The diets of AA have been of particular interest to researchers; Kirkpatrick, Dodd, Reedy, and Krebs-Smith posited that such racial minority populations could potentially benefit from eating more DGLV.4,12–15 There is no single “typical” eating pattern to which all AA ascribe,13 and studies indicate that DGLV are common in the AA culture and have been since the Atlantic slave trade.

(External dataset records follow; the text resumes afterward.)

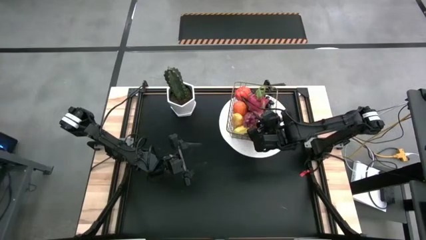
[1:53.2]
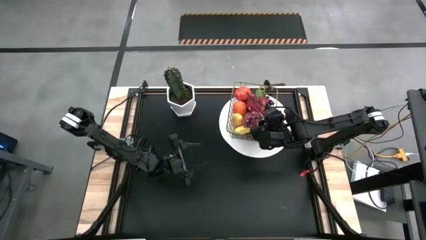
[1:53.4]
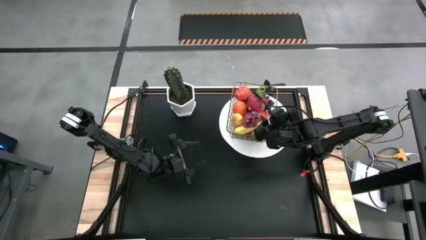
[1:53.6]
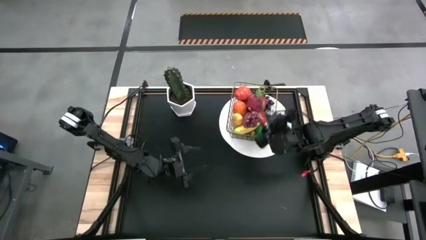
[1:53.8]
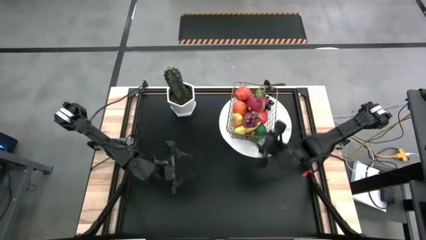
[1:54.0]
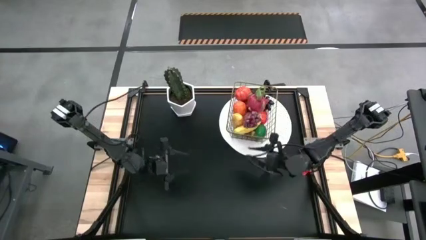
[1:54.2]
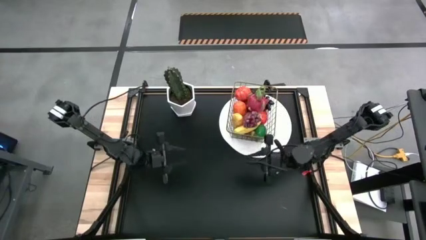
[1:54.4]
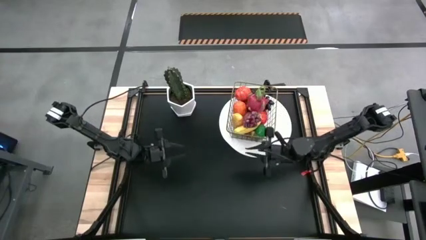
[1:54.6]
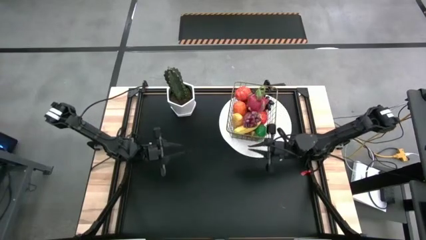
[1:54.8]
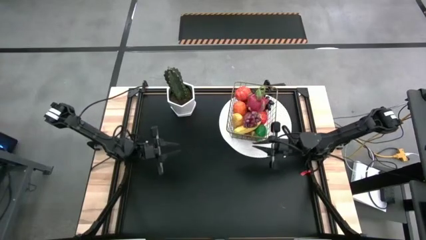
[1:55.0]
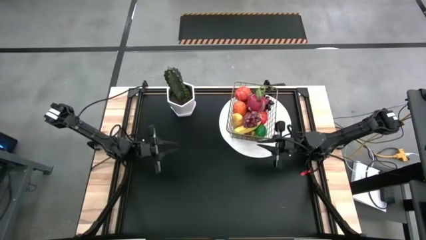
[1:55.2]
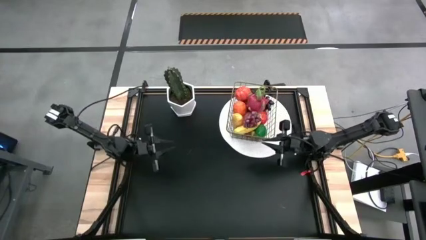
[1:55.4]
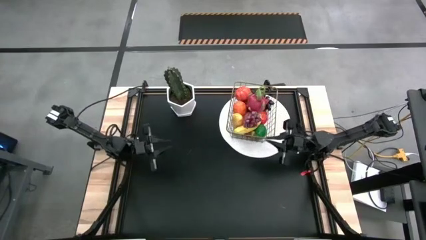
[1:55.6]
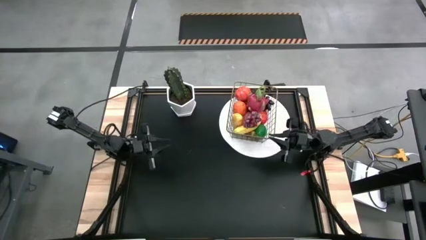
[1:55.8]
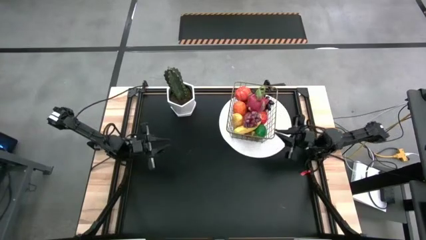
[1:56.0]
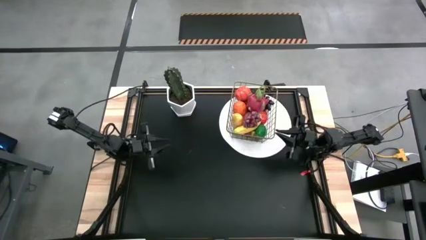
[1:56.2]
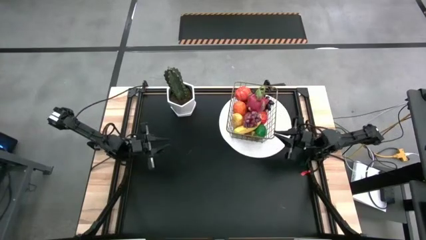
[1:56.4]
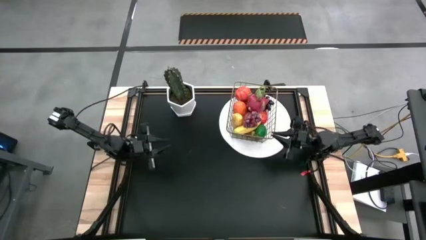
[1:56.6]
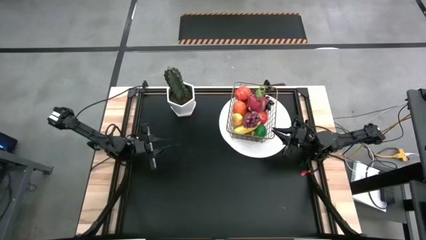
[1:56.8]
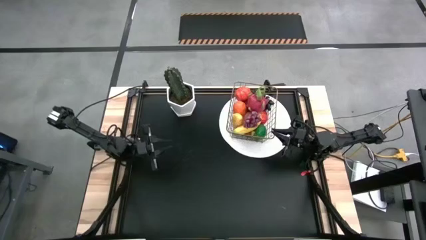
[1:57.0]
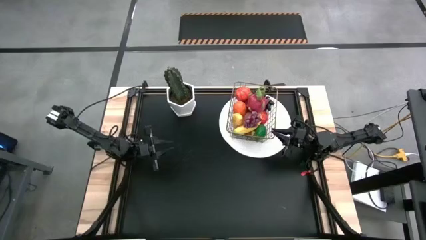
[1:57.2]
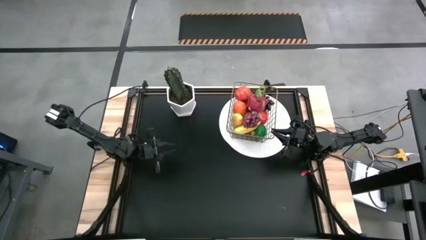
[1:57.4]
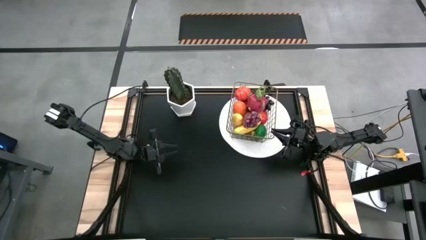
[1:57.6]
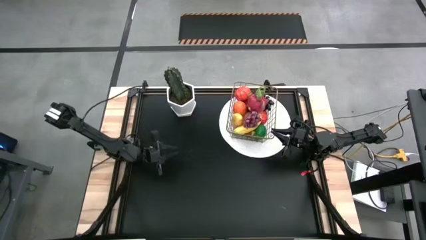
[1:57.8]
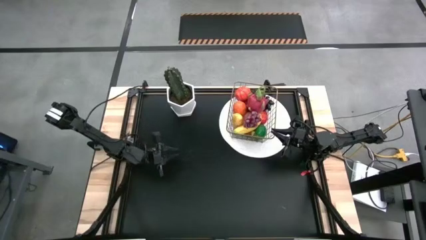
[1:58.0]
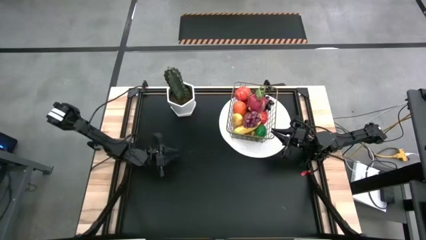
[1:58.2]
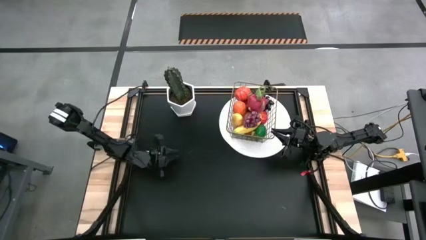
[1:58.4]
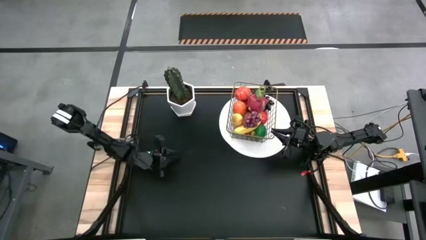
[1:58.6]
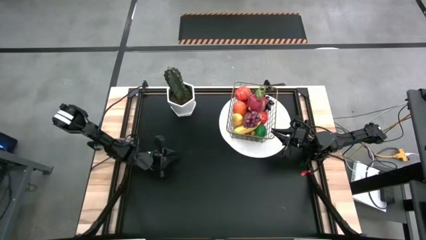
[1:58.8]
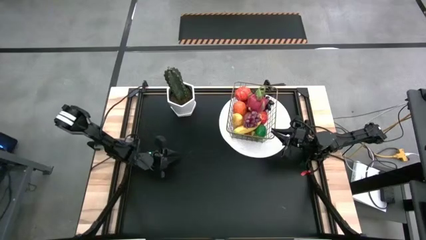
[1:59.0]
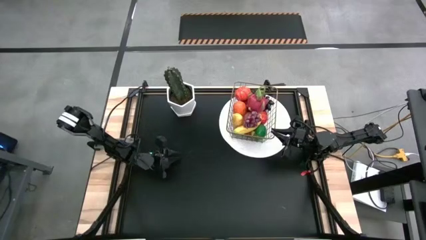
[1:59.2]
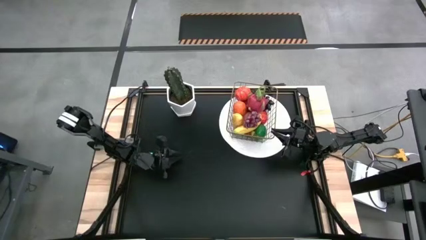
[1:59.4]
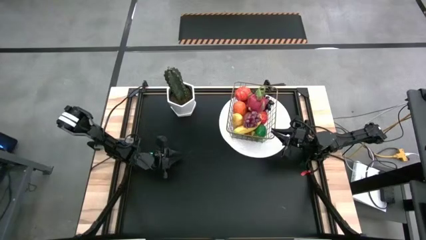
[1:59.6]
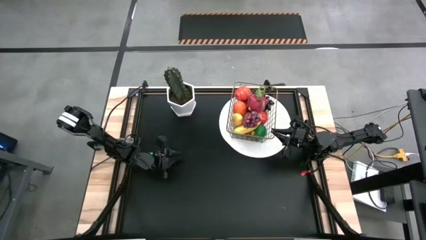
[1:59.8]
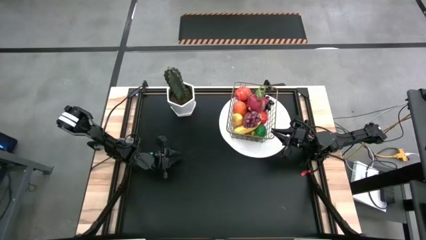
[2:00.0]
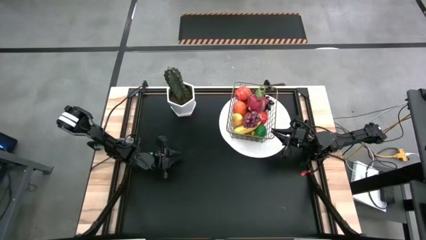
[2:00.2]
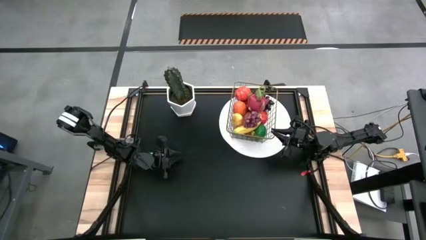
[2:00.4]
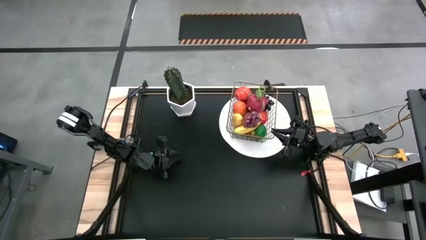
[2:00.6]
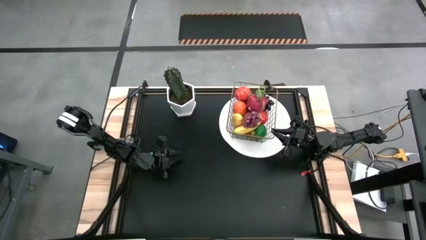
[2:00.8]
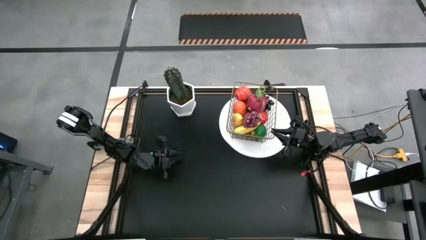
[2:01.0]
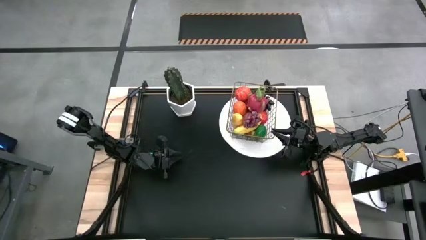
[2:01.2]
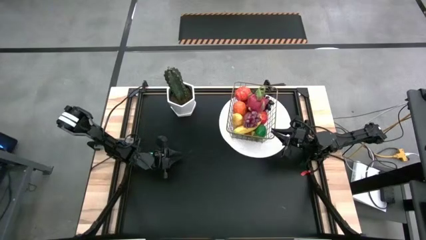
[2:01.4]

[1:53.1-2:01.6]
Return to Home Position

Specifically, during this time, dark green vegetables (eg, spinach and various types of greens) and other vegetables (eg, sweet potatoes, okra, squash) were brought from Africa to America.16–19 Although DGLV remain an important and cultural component of some AA diets, determinants of their consumption have yet to be fully understood.20–22 To identify these determinants, it has been recommended that DGLV be studied separately from fruit and other types of vegetables (eg, red, orange), a practice not often reported in the literature.23
Although an examination of DGLV eating behaviors is important, there is an expressed need to examine behavioral domains beyond eating,14 given that eating is the most distal behavior relative to buying and preparing food.24 African American women have been described as being household “gatekeepers” who are primarily responsible for buying and preparing food.25 They often take pride in this role and have intentions to share food among family, friends, and those who are in need.26 These notions support findings that characterize AA women as dietary change agents who influence familial consumption of healthful food such as FV.12,13,27,28 Therefore, the current study sought to expand the DGLV evidence base by using behavior change theory to explore intrapersonal factors associated with intentions to buy and eat more DGLV among a sample of midwestern AA women who buy and prepare household food.

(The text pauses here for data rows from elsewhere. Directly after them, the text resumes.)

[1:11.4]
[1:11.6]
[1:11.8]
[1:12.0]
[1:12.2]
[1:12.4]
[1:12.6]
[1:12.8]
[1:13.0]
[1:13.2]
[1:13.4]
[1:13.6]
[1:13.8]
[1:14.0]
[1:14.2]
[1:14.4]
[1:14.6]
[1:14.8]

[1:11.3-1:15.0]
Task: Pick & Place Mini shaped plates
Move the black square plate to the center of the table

The Reasoned Action Approach (RAA) is a theoretical model of behavior change that has been used to identify beliefs underlying people's behavioral decisions. The theory is the latest formulation of the Theory of Planned Behavior, and it assumes that one's intention is the most immediate predictor of behavior.29 According to the RAA, there are 3 global constructs that determine one's intention to perform a behavior: (1) attitude toward a behavior; (2) perceived norms about performing a behavior; and (3) self-efficacy about performing a behavior.29,30 The RAA and its constructs have been used to understand behaviors associated with obesity and chronic disease prevention,31,32 as well as determinants of AA fruit and vegetable consumption.14,33,34 Such studies have supported the use of RAA constructs in explaining general variations in FV consumption among AA, but few studies have focused specifically on DGLV in this population.
In this study, the RAA was used to understand a sample of AA women's intentions to perform 2 behaviors: (1) eat more cups of DGLV each week over the next 3 months; and (2) buy more DGLV each week over the next 3 months. When using the RAA, behaviors are defined in terms of the target, action, context, and time.35 Intention to eat and intention to buy are the chosen action elements. “More” (vs a specific number of cups) was selected as the target to reflect Healthy People 2020's recommendation to eat a higher proportion of DGLV.11 Given that DGLV recommendations are based on weekly consumption, “each week” is the context.5 “Three months,” which has been used in previous RAA research, was chosen as an appropriate time interval to initiate behavior change.20,22
Participants were recruited from 8 local community and professional organizations, health clinics, and faith-based institutions. Recruitment methods varied by site and included personal contact and flyers at sites and announcements at meetings and services. Inclusion criteria were: AA; female; 18 years of age or older; resident of Marion County, Indiana; and primarily responsible for buying and preparing household food. Eligible women read and signed the study consent form. Participants were provided with a survey and a Dark Green Leafy Vegetable Guide to assist with the identification and measurement of DGLV. The guide was pilot-tested with members of the target population (n = 30) who did not participate in the current study. Revisions were made accordingly to enhance comprehension. As incentives to participate in the study, participants were given a $10 supermarket gift card and were allowed to keep the Dark Green Leafy Vegetable Guide after completing the survey. Study procedures were approved by the Institutional Review Board at Indiana University.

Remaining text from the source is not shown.